Human AFS cells were labeled with LacZ by adenoviral infection in order to identify them histologically after harvesting the heart. X-gal staining of rat hearts that received cell injection identified hAFS cells integrated in these masses (Figure 3A, B, C), as well as in the infarcted border zone of the ventricular wall (Figure 3D). These results were confirmed by immunohistological analysis of β-galactosidase expression. Co-immunostaining showed LacZ positive cells that express osteocalcin, suggesting that hAFS cells develop an osteogenic morphology in vivo after injury (Figure 3E–H). No β-galactosidase positive hAFS were found in the masses of rats that were not ligated (Group 3) suggesting injury is needed to permit survival of hAFS cells in the tissue.

Figure 3. Engraftment of AFS cells in Infarcted Heart.

Figure 3

(A–D) X-gal staining of Group 2 revealed engraftment of AFS cells in the chondro-osteogenic masses as well as in the infarcted heart wall. (E-H) Co-staining of osteocalcin and β-galactosidase revealed AFS cells express osteocalcin in the infarcted heart wall.

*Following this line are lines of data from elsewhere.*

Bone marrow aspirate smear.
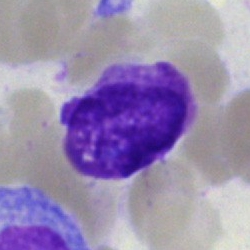
Artifact.
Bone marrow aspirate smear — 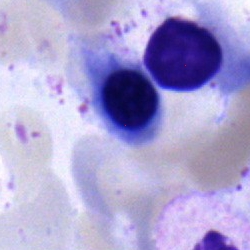 Showing an erythroblast.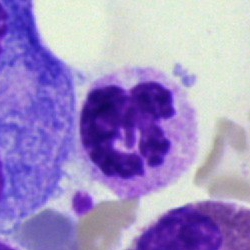Single cell identified as a neutrophil (segmented).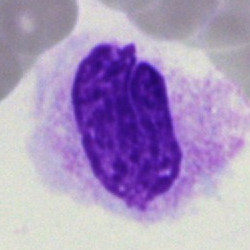 Artifact.
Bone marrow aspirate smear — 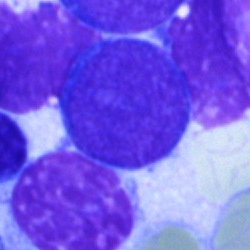This is a blast cell.
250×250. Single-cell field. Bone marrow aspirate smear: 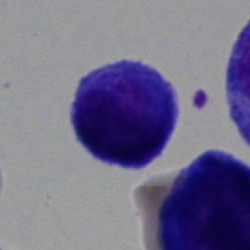

Q: What is shown here?
A: Lymphocyte.

In order to determine if the degree of infarction size contributes to the formation of chondro-osteogenic masses we compared the infarction sizes of rats that developed masses versus rats without masses. To do this, we measured the infarction size after trichrome staining using Image J analysis. The infarct size, expressed as a percentage, was calculated by dividing the sum of the infarcted area in all sections by the sum of LV areas from all sections. Two representative trichrome stainings of the calcification area and the infarcted border are shown in Figure 4A and 4B, respectively. Representative serial sections of a heart stained by H&E displaying chondro-osteogenic masses are shown in Figure 4C. The H&E staining results identify similar calcified areas as the standard Alizarin Red and Von Kossa techniques, as shown in Figure 2. Comparison of infarction sizes of rats that had chondro-osteogenic masses to rats with no masses showed a significant difference between the two groups. As the infarction size measured by Mason’s Trichrome increased, the percentage of animals that displayed calcifications as seen histologically also increased (Figure 4D). Next, we graphed the infarction size against the calcification index. The calcification index, an index of severity of calcification, was performed on 10 rats that demonstrated chondro-osteogenic masses as seen by Hematoxylin and Eosin staining. The calcification index was calculated by averaging the total calcified area in the basal, middle and apex regions of the left ventricle. The results showed a significant linear relationship between the calcified index and the infarction size (r2=0.4134 and p value=0.034) (Figure 4E) confirming that the amount of calcification correlates with infarction size. Thus, as the percentage of infarction increases, the severity of calcification also increased. Next, we plotted the calcification indexes between the two individual groups, Group 1 and Group 2, and plotted the animals that showed chondro-osteogenic masses histologically to determine if there were any differences in the severity of calcification (Figure 4F). The data suggests there is no significant difference between the calcification index of the two groups (p-value= 0.86)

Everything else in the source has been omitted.